Renace la alegría

Santiago Arzobispo Julian BarrioMons. Julián Barrio       Queridos diocesanos: Con este lema “Renace la alegría”, la Iglesia nos llama en la Jornada Misionera Mundial a recordar nuestro compromiso misionero, sabedores de que el anuncio de Cristo conlleva nacer y renacer la alegría1. El papa Francisco en su Mensaje nos dice que esta Jornada “es también un momento para reavivar el deseo y el deber moral de la participación gozosa en la misión ad gentes”2.

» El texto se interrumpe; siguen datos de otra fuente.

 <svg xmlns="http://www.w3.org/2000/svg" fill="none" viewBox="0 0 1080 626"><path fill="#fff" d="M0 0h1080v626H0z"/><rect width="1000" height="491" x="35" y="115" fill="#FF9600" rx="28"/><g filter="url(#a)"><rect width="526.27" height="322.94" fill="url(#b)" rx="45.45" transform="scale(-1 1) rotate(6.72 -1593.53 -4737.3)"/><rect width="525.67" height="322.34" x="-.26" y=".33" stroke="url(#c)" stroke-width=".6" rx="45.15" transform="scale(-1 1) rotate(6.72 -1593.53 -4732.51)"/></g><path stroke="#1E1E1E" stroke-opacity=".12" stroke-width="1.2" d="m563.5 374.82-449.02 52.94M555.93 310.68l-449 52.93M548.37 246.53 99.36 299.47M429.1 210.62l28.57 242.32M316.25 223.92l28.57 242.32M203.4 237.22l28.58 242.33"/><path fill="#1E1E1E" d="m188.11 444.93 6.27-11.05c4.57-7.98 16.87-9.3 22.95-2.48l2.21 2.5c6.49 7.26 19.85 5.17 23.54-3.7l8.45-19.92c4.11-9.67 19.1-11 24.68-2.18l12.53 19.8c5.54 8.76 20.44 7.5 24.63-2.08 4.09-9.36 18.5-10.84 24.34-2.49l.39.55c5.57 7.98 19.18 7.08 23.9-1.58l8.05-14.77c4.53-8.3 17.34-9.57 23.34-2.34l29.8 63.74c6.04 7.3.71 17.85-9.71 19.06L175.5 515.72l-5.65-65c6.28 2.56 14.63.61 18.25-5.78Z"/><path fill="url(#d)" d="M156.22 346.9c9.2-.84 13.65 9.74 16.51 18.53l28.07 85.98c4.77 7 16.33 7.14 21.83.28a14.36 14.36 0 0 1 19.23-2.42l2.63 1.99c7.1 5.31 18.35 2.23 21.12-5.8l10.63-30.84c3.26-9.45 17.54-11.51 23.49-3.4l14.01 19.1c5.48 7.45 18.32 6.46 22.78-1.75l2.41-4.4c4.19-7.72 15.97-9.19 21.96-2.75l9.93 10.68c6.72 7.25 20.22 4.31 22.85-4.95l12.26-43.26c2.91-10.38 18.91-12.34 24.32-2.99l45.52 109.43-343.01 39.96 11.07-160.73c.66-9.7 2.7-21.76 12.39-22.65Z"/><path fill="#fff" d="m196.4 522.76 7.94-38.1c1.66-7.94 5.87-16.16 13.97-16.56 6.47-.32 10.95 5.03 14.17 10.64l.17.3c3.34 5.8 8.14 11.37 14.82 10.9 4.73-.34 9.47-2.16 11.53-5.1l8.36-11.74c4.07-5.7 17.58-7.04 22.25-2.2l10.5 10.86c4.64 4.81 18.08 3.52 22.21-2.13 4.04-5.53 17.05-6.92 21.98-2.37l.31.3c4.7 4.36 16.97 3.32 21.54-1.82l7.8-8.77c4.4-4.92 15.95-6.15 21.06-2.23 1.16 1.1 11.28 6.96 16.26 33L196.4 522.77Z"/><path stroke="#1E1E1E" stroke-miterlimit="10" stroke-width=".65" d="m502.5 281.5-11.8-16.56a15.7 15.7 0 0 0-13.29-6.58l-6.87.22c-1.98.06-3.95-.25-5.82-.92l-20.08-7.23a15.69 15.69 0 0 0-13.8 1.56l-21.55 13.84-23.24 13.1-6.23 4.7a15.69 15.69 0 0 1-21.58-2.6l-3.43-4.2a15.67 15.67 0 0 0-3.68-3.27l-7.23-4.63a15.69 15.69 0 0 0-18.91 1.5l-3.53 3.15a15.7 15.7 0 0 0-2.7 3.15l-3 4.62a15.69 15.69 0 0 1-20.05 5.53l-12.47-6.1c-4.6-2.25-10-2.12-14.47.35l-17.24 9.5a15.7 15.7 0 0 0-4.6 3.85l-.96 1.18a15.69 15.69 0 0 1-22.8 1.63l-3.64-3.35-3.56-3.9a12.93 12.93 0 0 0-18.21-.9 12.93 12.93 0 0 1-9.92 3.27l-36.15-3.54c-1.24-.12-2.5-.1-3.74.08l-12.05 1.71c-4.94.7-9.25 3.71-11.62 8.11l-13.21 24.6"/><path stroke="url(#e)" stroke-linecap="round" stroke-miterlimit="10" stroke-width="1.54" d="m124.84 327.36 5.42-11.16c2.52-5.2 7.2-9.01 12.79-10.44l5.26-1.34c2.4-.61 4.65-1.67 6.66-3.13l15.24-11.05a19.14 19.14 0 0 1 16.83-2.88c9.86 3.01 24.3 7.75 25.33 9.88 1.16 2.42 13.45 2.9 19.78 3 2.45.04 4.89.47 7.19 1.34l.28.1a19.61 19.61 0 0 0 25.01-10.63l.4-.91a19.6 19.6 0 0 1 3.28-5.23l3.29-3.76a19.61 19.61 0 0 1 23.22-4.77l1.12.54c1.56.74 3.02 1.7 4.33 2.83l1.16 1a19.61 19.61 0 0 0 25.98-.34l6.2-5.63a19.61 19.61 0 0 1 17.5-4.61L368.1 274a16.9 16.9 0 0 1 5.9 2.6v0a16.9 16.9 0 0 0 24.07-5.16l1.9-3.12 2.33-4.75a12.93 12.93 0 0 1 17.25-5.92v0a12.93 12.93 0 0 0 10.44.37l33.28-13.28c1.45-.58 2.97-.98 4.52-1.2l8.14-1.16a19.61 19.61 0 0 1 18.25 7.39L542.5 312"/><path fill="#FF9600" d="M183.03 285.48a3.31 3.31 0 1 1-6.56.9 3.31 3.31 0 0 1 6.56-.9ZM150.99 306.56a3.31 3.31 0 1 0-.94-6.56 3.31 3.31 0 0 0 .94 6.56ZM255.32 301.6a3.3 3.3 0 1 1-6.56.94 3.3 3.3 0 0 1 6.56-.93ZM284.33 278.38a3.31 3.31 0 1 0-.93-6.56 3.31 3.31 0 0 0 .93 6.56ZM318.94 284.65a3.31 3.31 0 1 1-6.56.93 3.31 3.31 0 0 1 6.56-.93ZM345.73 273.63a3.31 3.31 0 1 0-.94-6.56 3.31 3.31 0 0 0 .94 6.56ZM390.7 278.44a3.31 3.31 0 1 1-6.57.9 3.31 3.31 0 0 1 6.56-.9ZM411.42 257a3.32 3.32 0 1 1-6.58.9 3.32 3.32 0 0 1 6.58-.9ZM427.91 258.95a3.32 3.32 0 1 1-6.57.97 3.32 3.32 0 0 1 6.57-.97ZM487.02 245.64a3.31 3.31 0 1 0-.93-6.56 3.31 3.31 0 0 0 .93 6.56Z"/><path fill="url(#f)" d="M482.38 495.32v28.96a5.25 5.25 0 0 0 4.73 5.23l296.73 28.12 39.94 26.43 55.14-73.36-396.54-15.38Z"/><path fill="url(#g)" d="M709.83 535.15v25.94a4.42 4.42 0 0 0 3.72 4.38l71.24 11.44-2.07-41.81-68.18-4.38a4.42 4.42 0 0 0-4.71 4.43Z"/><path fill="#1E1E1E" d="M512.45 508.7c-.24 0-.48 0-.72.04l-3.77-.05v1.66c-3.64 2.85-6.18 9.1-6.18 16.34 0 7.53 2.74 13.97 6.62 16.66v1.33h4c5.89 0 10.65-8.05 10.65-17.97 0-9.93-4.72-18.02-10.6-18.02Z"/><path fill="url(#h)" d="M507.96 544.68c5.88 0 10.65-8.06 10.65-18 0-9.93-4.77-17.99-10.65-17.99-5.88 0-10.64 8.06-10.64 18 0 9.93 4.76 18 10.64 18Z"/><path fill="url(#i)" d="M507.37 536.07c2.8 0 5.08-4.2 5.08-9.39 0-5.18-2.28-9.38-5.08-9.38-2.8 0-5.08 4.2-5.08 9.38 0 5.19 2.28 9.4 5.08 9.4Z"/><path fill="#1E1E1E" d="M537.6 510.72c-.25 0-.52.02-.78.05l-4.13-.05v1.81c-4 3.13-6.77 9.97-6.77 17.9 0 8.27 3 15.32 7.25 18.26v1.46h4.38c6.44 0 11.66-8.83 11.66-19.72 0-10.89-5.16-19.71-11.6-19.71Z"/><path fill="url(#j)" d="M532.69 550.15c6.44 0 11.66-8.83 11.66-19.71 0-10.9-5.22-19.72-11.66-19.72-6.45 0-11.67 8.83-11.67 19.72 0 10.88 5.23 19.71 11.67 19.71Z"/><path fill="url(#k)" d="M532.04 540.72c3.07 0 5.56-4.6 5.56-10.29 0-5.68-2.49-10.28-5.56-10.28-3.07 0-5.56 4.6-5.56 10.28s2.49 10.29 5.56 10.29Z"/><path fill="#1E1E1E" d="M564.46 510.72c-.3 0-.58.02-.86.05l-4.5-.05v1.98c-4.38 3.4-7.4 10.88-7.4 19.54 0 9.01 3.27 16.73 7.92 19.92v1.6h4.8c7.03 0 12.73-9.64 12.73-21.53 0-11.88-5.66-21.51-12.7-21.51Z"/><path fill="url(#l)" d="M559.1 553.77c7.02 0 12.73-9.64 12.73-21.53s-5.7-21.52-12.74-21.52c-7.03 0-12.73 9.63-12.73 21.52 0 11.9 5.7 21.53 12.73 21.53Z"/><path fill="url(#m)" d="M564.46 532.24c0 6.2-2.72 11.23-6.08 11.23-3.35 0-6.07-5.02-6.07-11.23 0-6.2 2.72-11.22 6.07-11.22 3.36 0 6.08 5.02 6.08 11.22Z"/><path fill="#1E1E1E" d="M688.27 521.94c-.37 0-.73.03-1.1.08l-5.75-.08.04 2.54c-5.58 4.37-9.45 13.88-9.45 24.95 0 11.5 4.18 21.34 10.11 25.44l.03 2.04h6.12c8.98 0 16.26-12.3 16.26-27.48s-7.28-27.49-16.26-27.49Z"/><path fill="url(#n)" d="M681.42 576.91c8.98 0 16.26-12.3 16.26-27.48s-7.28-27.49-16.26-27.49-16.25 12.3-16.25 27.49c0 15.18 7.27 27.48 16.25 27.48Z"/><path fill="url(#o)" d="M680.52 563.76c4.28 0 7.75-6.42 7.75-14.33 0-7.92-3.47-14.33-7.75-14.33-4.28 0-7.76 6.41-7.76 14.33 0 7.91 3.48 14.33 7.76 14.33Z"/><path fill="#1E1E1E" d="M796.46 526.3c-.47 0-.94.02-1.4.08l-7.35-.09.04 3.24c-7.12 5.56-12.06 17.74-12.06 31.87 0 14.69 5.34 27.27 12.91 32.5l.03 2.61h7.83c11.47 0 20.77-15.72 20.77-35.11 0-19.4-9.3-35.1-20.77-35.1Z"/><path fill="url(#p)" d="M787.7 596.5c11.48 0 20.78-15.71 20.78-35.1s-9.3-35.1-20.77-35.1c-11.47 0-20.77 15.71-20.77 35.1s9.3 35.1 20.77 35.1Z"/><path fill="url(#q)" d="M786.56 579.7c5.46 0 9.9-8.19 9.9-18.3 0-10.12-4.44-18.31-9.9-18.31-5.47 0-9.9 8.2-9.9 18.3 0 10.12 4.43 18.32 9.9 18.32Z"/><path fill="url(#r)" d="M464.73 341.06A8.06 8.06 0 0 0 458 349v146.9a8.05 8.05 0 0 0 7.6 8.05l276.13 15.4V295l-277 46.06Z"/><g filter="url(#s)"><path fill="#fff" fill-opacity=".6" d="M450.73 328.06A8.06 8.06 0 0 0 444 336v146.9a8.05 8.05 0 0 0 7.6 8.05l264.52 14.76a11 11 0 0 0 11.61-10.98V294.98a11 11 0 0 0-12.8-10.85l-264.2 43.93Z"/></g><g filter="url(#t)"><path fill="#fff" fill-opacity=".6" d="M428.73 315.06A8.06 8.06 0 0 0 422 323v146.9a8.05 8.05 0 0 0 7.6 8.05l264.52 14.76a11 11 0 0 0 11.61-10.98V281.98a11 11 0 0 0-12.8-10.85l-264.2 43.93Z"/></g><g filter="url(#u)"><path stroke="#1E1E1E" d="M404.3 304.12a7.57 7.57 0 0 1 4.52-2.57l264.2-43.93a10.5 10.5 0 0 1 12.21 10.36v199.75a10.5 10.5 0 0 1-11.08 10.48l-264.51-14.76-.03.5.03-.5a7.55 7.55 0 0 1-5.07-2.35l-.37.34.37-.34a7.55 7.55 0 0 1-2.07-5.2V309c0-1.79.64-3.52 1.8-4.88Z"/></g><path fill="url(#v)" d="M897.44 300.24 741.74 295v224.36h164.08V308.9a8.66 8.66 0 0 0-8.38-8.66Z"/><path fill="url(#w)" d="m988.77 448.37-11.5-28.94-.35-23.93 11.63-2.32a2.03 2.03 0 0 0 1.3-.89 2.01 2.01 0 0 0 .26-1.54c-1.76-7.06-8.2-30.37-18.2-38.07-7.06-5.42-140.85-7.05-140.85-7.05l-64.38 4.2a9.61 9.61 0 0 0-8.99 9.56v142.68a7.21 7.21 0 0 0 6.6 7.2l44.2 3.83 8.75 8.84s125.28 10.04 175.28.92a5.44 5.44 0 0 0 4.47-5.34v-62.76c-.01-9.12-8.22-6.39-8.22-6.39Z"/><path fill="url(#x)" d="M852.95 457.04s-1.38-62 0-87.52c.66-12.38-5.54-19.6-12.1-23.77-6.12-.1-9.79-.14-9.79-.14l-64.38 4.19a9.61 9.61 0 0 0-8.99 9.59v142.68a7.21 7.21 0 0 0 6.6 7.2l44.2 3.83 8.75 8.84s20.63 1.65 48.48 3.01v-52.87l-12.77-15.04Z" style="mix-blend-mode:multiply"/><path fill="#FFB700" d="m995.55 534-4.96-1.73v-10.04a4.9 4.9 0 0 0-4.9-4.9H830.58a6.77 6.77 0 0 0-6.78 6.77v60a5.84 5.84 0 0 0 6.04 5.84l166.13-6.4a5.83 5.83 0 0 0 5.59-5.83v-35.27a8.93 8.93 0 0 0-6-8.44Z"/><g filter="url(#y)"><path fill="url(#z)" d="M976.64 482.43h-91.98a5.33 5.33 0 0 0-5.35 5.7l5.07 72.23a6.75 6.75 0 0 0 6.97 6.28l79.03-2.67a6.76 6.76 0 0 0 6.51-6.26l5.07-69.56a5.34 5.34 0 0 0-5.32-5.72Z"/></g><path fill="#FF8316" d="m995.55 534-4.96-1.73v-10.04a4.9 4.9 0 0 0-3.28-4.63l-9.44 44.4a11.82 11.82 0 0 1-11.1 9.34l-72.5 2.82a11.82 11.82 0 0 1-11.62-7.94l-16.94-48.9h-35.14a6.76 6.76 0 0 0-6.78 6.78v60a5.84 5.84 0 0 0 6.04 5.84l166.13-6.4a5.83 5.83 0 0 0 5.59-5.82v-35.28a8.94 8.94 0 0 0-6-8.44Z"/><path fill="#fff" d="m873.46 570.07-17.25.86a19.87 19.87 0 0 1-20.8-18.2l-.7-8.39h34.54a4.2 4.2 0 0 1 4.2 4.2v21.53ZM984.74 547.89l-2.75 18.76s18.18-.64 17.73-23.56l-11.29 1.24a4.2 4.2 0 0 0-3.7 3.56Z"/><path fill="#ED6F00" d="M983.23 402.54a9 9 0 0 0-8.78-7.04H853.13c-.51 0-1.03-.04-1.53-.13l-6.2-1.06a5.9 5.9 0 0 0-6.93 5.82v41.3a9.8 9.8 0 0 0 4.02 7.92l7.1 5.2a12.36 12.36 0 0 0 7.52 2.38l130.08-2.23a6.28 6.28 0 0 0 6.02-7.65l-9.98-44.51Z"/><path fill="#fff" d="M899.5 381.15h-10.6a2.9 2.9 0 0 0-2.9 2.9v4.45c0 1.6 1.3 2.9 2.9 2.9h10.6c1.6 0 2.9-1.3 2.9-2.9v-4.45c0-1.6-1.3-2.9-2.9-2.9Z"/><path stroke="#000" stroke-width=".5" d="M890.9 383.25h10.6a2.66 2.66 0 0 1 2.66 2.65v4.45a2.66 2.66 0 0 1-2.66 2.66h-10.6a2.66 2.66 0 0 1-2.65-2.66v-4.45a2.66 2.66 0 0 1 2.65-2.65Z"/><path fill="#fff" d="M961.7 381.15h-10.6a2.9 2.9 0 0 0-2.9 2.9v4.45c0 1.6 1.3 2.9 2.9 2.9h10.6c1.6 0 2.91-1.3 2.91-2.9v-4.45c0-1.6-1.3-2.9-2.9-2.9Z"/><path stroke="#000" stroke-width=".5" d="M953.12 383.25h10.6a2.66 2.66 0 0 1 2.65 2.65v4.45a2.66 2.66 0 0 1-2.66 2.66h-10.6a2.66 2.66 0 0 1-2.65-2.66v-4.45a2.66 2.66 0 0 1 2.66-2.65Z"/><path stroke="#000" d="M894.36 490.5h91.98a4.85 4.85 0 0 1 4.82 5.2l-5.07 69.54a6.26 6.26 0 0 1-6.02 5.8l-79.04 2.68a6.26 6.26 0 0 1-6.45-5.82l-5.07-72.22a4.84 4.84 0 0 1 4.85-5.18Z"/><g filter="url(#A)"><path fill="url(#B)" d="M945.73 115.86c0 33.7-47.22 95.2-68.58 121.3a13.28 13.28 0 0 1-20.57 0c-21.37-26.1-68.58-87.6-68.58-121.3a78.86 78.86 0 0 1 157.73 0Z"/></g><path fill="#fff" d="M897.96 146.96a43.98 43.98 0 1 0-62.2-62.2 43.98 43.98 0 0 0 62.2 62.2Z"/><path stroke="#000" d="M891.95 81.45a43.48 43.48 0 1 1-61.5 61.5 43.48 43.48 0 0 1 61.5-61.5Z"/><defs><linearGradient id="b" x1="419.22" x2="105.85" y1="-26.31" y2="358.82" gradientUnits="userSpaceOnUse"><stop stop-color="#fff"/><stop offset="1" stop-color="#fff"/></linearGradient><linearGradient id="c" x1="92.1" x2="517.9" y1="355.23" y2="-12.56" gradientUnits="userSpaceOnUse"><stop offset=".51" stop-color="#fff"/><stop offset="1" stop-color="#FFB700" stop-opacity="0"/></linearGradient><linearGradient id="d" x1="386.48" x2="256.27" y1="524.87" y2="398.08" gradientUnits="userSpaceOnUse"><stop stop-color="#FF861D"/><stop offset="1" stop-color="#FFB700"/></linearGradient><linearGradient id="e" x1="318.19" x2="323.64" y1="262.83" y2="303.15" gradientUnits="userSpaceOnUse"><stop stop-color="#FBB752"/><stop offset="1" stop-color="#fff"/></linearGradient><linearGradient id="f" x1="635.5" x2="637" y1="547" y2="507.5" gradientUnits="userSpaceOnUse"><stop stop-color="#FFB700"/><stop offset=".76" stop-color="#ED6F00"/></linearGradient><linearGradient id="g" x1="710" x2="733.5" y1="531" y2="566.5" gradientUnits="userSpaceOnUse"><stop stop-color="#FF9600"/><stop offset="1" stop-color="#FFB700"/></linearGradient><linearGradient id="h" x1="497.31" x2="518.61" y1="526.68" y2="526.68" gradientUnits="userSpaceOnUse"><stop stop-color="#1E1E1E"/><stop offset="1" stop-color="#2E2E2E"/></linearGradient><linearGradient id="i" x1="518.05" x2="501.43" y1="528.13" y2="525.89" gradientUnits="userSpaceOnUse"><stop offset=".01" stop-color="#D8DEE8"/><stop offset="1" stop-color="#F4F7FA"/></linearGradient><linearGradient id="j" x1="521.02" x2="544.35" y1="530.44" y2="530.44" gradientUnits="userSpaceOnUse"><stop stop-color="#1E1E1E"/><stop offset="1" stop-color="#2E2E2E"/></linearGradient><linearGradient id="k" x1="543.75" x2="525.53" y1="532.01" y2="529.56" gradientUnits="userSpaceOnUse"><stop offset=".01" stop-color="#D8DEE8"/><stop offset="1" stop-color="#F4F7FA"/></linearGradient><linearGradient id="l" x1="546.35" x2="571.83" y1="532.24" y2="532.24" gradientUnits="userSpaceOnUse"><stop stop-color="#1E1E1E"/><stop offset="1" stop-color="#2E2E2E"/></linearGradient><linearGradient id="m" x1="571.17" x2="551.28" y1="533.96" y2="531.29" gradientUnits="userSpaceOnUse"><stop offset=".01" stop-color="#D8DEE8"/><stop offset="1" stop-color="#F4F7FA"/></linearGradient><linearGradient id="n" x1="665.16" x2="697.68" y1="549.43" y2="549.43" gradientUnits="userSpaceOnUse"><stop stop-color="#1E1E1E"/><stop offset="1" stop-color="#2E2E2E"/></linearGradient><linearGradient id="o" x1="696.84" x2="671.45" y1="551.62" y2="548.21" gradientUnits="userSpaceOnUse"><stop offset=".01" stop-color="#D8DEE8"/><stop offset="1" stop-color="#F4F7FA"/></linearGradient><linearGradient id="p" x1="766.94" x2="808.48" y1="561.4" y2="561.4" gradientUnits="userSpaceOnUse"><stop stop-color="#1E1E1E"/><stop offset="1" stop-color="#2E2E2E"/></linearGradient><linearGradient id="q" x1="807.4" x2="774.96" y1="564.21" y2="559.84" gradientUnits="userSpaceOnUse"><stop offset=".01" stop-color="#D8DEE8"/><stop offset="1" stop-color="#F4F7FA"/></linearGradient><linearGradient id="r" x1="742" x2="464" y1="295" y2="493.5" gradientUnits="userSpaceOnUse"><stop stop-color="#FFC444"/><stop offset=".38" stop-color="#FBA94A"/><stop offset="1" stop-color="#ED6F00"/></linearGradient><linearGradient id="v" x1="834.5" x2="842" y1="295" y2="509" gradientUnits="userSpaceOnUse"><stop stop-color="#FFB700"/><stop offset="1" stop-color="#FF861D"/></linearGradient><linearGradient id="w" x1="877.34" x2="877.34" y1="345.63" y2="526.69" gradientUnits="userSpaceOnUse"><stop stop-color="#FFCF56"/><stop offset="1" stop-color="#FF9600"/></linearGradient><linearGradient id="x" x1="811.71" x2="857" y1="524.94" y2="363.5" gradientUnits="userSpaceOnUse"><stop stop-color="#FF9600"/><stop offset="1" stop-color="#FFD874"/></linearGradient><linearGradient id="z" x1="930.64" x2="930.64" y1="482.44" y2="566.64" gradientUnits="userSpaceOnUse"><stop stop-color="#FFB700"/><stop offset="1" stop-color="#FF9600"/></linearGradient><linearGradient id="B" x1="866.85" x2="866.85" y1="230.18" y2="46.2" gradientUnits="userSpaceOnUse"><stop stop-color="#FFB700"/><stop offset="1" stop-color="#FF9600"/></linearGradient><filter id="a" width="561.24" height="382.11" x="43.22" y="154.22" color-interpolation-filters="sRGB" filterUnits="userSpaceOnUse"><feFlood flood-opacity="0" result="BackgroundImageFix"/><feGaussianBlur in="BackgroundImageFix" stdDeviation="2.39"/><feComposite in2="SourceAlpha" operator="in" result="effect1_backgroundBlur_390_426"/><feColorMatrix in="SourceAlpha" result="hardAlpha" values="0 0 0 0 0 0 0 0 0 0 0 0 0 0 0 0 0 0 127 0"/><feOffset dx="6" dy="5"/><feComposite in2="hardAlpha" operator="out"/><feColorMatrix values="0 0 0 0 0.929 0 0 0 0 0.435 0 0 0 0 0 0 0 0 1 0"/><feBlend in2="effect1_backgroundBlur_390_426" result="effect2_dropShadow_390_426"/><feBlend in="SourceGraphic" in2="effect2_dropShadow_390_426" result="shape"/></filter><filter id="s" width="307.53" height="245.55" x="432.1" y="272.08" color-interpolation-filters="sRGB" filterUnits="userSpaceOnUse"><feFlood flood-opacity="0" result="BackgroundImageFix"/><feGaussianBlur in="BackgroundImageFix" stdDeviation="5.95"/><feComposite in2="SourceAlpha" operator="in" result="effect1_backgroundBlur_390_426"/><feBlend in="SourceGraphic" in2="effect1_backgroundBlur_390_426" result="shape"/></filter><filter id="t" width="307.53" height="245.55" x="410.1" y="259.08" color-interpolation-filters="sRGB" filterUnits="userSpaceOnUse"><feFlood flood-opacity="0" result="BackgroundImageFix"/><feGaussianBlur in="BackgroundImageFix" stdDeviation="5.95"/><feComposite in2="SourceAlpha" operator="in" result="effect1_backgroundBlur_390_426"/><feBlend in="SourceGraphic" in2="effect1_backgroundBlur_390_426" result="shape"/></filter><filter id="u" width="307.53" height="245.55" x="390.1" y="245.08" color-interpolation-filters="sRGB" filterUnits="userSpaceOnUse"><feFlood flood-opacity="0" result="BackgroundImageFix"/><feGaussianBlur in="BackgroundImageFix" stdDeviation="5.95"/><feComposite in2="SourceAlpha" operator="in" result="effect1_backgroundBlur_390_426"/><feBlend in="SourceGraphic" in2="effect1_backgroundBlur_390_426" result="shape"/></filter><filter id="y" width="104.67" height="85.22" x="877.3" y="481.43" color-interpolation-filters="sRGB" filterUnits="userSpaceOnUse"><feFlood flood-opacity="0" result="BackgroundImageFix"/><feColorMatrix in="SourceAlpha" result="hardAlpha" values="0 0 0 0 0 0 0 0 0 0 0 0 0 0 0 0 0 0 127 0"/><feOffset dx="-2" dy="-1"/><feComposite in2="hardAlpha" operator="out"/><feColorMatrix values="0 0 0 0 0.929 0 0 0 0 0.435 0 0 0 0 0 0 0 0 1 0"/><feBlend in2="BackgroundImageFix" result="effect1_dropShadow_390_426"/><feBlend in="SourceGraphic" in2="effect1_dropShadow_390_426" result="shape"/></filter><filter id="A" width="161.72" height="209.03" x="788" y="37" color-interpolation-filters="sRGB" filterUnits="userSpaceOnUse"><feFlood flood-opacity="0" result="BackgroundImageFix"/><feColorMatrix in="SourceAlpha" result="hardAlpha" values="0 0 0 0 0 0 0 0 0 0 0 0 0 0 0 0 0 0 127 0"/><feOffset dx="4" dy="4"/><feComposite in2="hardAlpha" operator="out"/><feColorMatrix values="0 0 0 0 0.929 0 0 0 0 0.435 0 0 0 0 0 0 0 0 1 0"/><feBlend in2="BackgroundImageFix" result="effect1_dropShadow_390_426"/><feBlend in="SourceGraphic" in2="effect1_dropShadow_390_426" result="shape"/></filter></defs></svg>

El misionero al proclamar el Evangelio va sembrando la paz, el amor, la justicia, la libertad y la educación, y con ello la alegría que “llena el corazón y la vida entera de los que se encuentran con Jesús”3. Todos los discípulos de Jesús estamos llamados a cultivar la alegría de la evangelización que alegra el corazón del hombre. “El gran riesgo del mundo actual, con su múltiple y abrumadora oferta de consumo, es una tristeza individualista que brota del corazón cómodo y avaro, de la búsqueda enfermiza de placeres superficiales, de la conciencia aislada. Cuando la vida interior se clausura en los propios intereses, ya no hay espacio para los demás, ya no entran los pobres, ya no se escucha la voz de Dios, ya no se goza la dulce alegría de su amor, ya no palpita el entusiasmo por hacer el bien. Los creyentes también corren ese riesgo, cierto y permanente”4. Es necesario encontrarnos con el Señor. El encuentro con Él siempre produce alegría y ofrece los cauces para dar sentido a la vida. “Al que arriesga, el Señor no lo defrauda, y cuando alguien da un pequeño paso hacia Jesús, descubre que Él ya esperaba su llegada con los brazos abiertos”5. Esto genera el mejor clima para que surjan las vocaciones para la evangelización. Quien ha encontrado a Cristo siente la necesidad de manifestarlo a los demás como hicieron los apóstoles. “Donde hay alegría, fervor, deseo de llevar a Cristo a los demás, surgen las verdaderas vocaciones. Entre estas no deben olvidarse las vocaciones a la misión”6

La identidad de la Iglesia es misionera. “La misión renueva la Iglesia, refuerza la fe y la identidad cristiana, da nuevo entusiasmo y nuevas motivaciones. La fe se fortalece dándola”7. Se nos llama a evangelizar, sabiendo que necesitamos ser evangelizados si queremos cumplir la misión de evangelizar como permanente tensión de vivir y transmitir el evangelio que han de sentir y vivir los de cerca, los destinatarios de la actividad ordinaria de evangelización en nuestras comunidades cristianas. Los de cerca no pueden ni deben vivir una fe rutinaria, acomodaticia, ramplona, cansina o aburrida. No se puede hablar de evangelización sin una disposición sincera de conversión. La nueva evangelización ha de orientarse también a los de lejos, a las personas que se han ido alejando de la Iglesia y viven sumidas en un profundo analfabetismo religioso sin tener en cuenta las praxis cristianas. La Jornada Misionera Mundial pone ante nuestra consideración la misión ad gentes para ir al encuentro de los que no conocen a Cristo ni su mensaje de salvación.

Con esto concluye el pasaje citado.